Error rate seems to be about 10% of all downloads when downloading WIDE15 with 128 or 256 threads. The yellow bit at the end is WIDE6 with 64 threads, eventually failing on a certificate issue. Graph below splits errors out per category.

In [42]:
def classify_error(error):
    if error == 'None: None' or 'Max retries exceeded' in error:
        return 'timeout'
    elif error == 'md5 mismatch':
        return 'md5 mismatch'
    elif error.startswith('[Errno None: None] '):
        return 'other'
    elif "'Connection aborted.'" in error:
        return 'connection'
    else:
        return error

data['error_norm'] = data['error'].map(classify_error, na_action='ignore')

errors_per_hour = data.groupby(['error_norm', data['ts'].dt.floor('H')])['ts'].count().reset_index(name='error_count')
p = figure(title="Errors per category (per hour)",
           x_axis_type="datetime",
           x_axis_label="Hour",
           y_axis_label="Error count",
           sizing_mode="stretch_width",
           height=250,)
lines(p, 'ts', 'error_count', 'error_norm', errors_per_hour, legend=True)
p.legend.location = 'top_left'
show(p)

Initially the most occurring problem were timeouts, but then as more files finished downloading correctly and failed downloads were re-attempted, the md5 errors became more prevalent. I should check whether the error rate is consistent per file or per item really. Error count is much lower at the end where I was doing md5 checking of existing files (so less actual downloading) and downloading WIDE6 (with 64 in parallel as opposed to 256, so again less actual downloading.)

In [43]:
errors_per_hour.groupby('error_norm').sum(numeric_only=True)

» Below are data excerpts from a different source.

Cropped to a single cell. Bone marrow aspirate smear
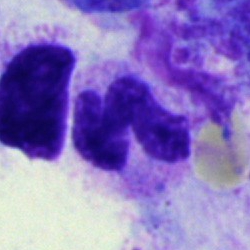

The cell shown is a polymorphonuclear neutrophil.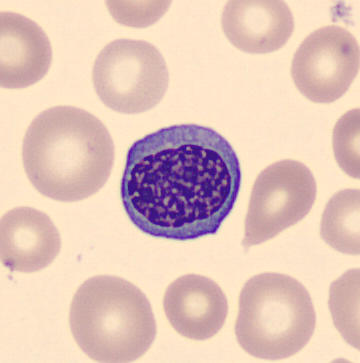Peripheral blood smear. Identified as a normoblast.

Unnamed: 0_level_0,error_count
error_norm,Unnamed: 1_level_1
Bad Gateway,104
Internal Server Error,4
Not Found,162
connection,7
md5 mismatch,70104
other,1422
timeout,24636


In [44]:
bytes_per_hour = data_per_hour['size'].sum().reset_index(name='amount') # size is NA on error, files that fail md5 check are not counted
p = figure(title="Amount of data downloaded (over time, per hour)",
           x_axis_type="datetime",
           x_axis_label="Hour",
           y_axis_label="Downloaded data",
           sizing_mode="stretch_width",
           height=250,)
lines(p, 'ts', 'amount', 'logfile', bytes_per_hour)
show(p)

Going by eye, average seems to be about 1TB/hour with the 256 parallel downloads I was using around Chirstmas. New year started with checking existing files (so fewer downloads) and then completing WIDE6 (again fewer downloads as I was checking md5 of existing files and only using 64 downloads in parallel.)

In [45]:
f"{data[data['error'].isna()]['item'].unique().size} files downloaded"

'186199 files downloaded'

In [46]:
f"{data['ts'].dt.floor('H').unique().size / 24:.1f} days of downloading"

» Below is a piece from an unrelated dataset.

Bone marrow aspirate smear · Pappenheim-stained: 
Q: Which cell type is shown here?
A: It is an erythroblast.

'82.8 days of downloading'

In [47]:
f"{data_per_hour['size'].sum().mean() / (1000 * 1000 * 1000):.0f}GB per hour on average"

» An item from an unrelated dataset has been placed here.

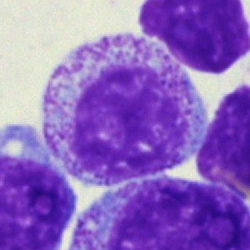 Morphology — myelocyte.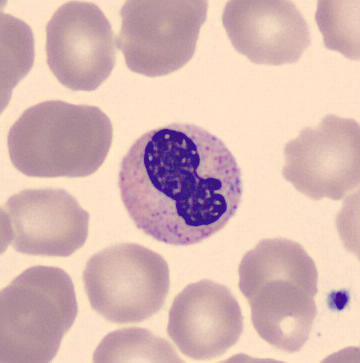 Preparation: Single-cell crop; peripheral blood film; CellaVision DM96 digital cell image. Neutrophil (band).

'729GB per hour on average'

In [89]:
data_per_hour['size'].sum().groupby('logfile').agg(lambda a: np.mean(a[a>0.0]) / (1000 * 1000 * 1000 * 1000) * 24)

logfile
wide11    15.573869
wide12    34.604055
wide16    17.557098
wide5     12.049658
wide6     16.402942
Name: size, dtype: float64

In [87]:
data.groupby(['logfile'])['ts'].agg(lambda a: max(a) - min(a))

logfile
wide11   41 days 18:23:50.606526
wide12   18 days 19:30:10.137653
wide16   26 days 22:53:31.681237
wide5    39 days 04:30:52.387444
wide6     6 days 23:08:08.973246
Name: ts, dtype: timedelta64[ns]

Above average is a bad estimate for top download speed. It includes periods that I mostly did md5 checking of existing files, and only re-downloading files that did not pass this check.

In [48]:
p = figure(title="Number of files downloaded (over time, per hour)",
           x_axis_type="datetime",
           x_axis_label="Hour",
           y_axis_label="Downloaded files",
           sizing_mode="stretch_width",
           height=250,)
files_per_hour = data_per_hour['md5'].count().reset_index(name='file_count') # md5 is NA on errors
lines(p, 'ts', 'file_count', 'logfile', files_per_hour)
show(p)

Surprise surprise above graph closely matches the amount of data downloaded graph.